第488章 拷問


    在北平的一處住宅裏,四五個中年男子圍坐在一張破舊的木桌旁,房間裏光線昏暗,沒有點燈,隻能隱約看到每個人的輪廓。


    此刻,坐在上位的男子正口若懸河地說著話,他的聲音在這靜謐的環境中顯得格外響亮:“雖然我們沒能成功殺掉陸青葉,但我們的基本目的已經達到了。今天,陸青葉竟然直接打到了新城,我就不信燕王心裏會沒有一點芥蒂!”


    坐在左側靠前的男子隨聲附和道:“還是你消息靈通啊,這麽快就知道這個消息了!”他的聲音中透露出一絲欣喜。


    正位的男子得意地笑了笑,說道:“在北平這塊地方,除了燕王府,我敢說我的消息渠道是最厲害的。我不僅知道這些消息,還收到了一個更有意思的事情,你們想不想聽聽?”


    坐在右側靠後的男子一直沉默不語,這時突然悶聲悶氣地開口:“你就別賣關子了,有什麽事趕緊說出來,大家都聽聽。”


    坐在正位的男子嘴角微微上揚,發出了一聲輕笑。他似乎對其他四人的著急毫不在意,反而顯得有些悠然自得。過了一會兒,他才不緊不慢地開口說道:“據可靠消息,燕王妃準備親自前往新城一趟,目的是為了解開雙方之間的誤會。”


    他的話音剛落,黑暗中便傳來了兩聲嘖嘖的驚歎聲。顯然,這個消息讓另外四人感到有些意外和震驚。其中一人說道:“這可不好辦了,聽說燕王妃和新城的關係非常好,如果她親自去說和,恐怕不管是誰都會給她這個麵子啊。”


    正位的男子聞言,冷笑了一聲,似乎對這種說法頗為不屑。他反駁道:“你們啊,就是太過膽小了。既然我們能夠攔住新城的人不來北平,那麽為什麽就不能想辦法把燕王妃攔下,不讓她去新城呢?”


    他的這番話猶如一石激起千層浪,讓在場的所有人都坐不住了。盡管在黑暗中無法看清他們的臉色,但從房間裏那粗壯的喘息聲中可以感受到,另外四人的內心絕對不平靜。


    終於,有一人按捺不住,率先開口說道:“什麽?你瘋了嗎?這怎麽可能做到!”他的聲音中充滿了難以置信和驚恐。


    隨著這一人的發言,其他三人也紛紛低聲附和起來,表示強烈的反對。一時間,房間裏充滿了嘈雜的議論聲,眾人對於正位男子的提議都表示出極大的擔憂和質疑。


    “絕對不行!”右側靠前的那個人突然提高了聲音,他的語氣顯得有些急切,“新城那邊我們動手也就罷了,畢竟如果成功的話,新城對我們來說就不再是什麽重要的地方了。就算因此得罪了一些人,也沒什麽大不了的。但是燕王妃絕對不行!即使我們能在新城分一杯羹,以後還是要仰仗朱棣過日子的。朱棣現在正值壯年,我們千萬不能操之過急啊!”


    他的話讓在場的人都陷入了沉思,不少人都微微點頭,表示讚同他的觀點。


    這時,左側的一個男子開口了,他的聲音中帶著一絲嘲諷:“是啊,之前殺新城使者的時候,我就已經有些擔心了。可是你卻一再向我們保證絕對不會出問題,我們這才冒險一試。可現在你居然還想對燕王妃動手,這怎麽能行呢?我是絕對不會同意的!你的野心也太大了吧,難道以後還想對燕王下手不成?”

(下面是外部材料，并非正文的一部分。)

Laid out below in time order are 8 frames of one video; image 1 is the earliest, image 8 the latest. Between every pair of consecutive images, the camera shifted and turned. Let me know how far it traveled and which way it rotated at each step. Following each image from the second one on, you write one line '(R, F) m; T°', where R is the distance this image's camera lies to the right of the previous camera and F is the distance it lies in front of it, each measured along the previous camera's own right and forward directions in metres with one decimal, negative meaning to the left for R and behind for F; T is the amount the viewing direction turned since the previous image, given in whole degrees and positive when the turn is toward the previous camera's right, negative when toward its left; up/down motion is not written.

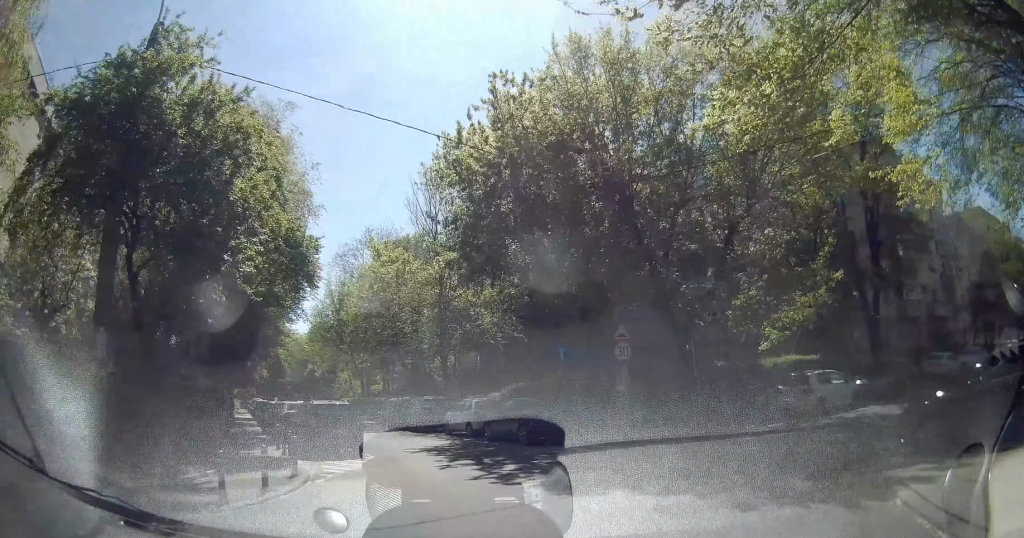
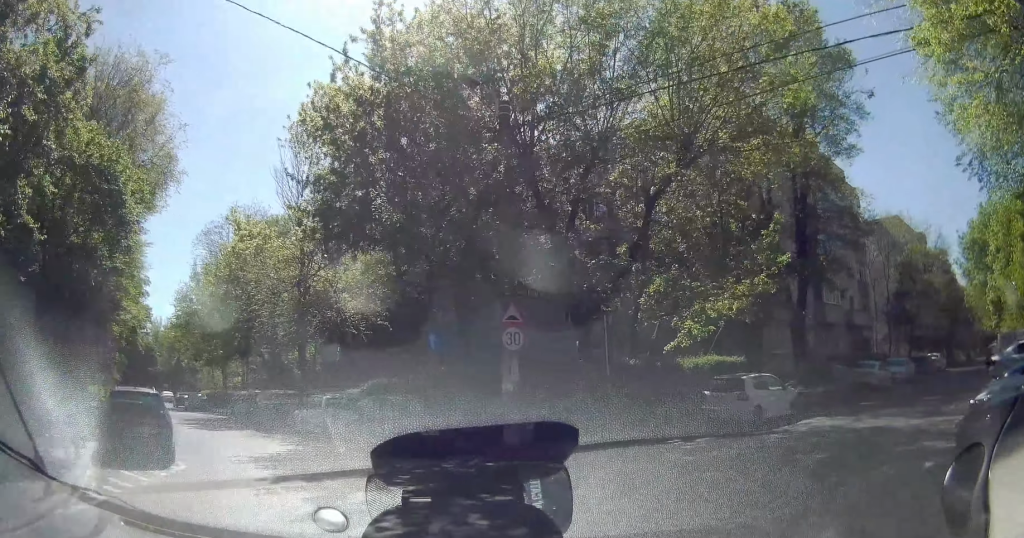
(+0.7, +4.7) m; +17°
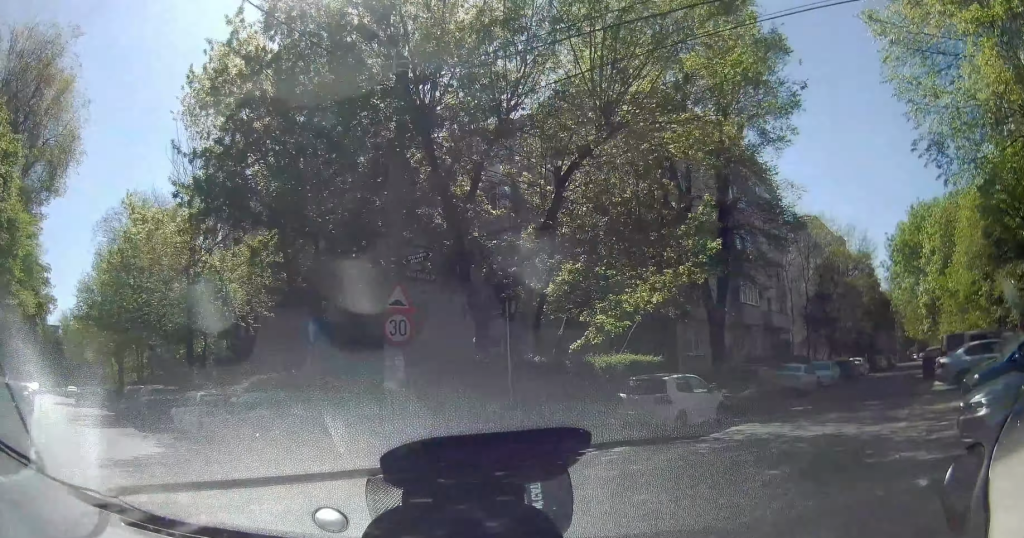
(+0.3, +2.3) m; +9°
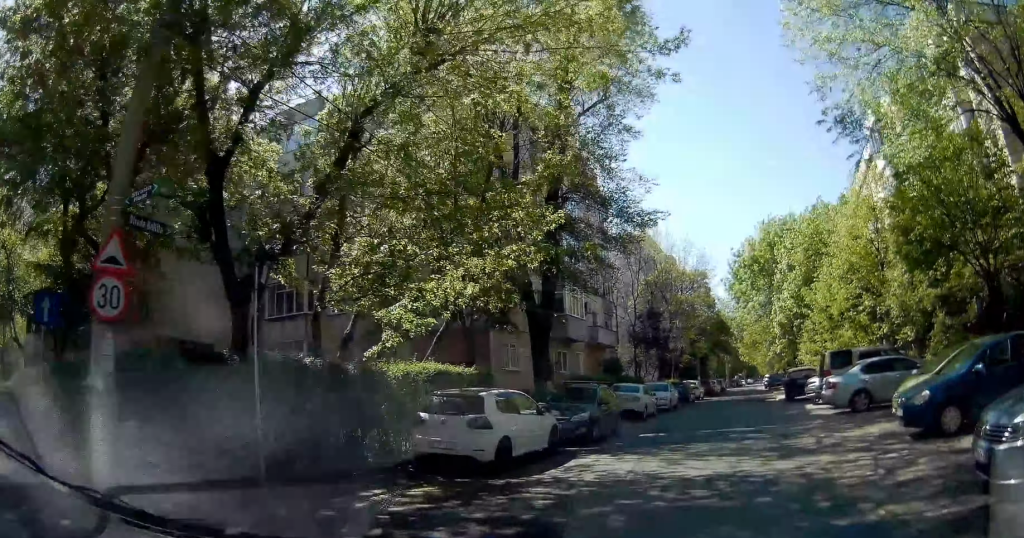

    他的話如同一把利劍,直刺那人的心髒。上位之人臉色一沉,冷哼一聲:“說我冒進?像你們這樣瞻前顧後的,又怎麽能成就大事呢?”


    房間裏的氣氛瞬間變得凝重起來,原本嘈雜的聲音戛然而止,隻剩下幾個男人粗重的呼吸聲,仿佛時間都在這一刻凝固了。過了好一會兒,房間裏才再次傳來聲音,打破這令人窒息的沉默。


    坐在左側靠後的男子緩緩開口,他的聲音中透露出一絲無奈:“你先別著急,稍安勿躁。既然大家聚在一起,就是為了共同商討這件事,自然是要好好商量著來。之前我們也聽了你的意見,現在你也不妨聽聽我們的想法。”他停頓了一下,觀察著上位之人的反應,見對方並沒有打斷自己,便稍稍鬆了口氣,繼續說道:“並不是說我們膽小怕事,不敢對燕王妃動手,主要是我覺得這樣做對我們並沒有好處。”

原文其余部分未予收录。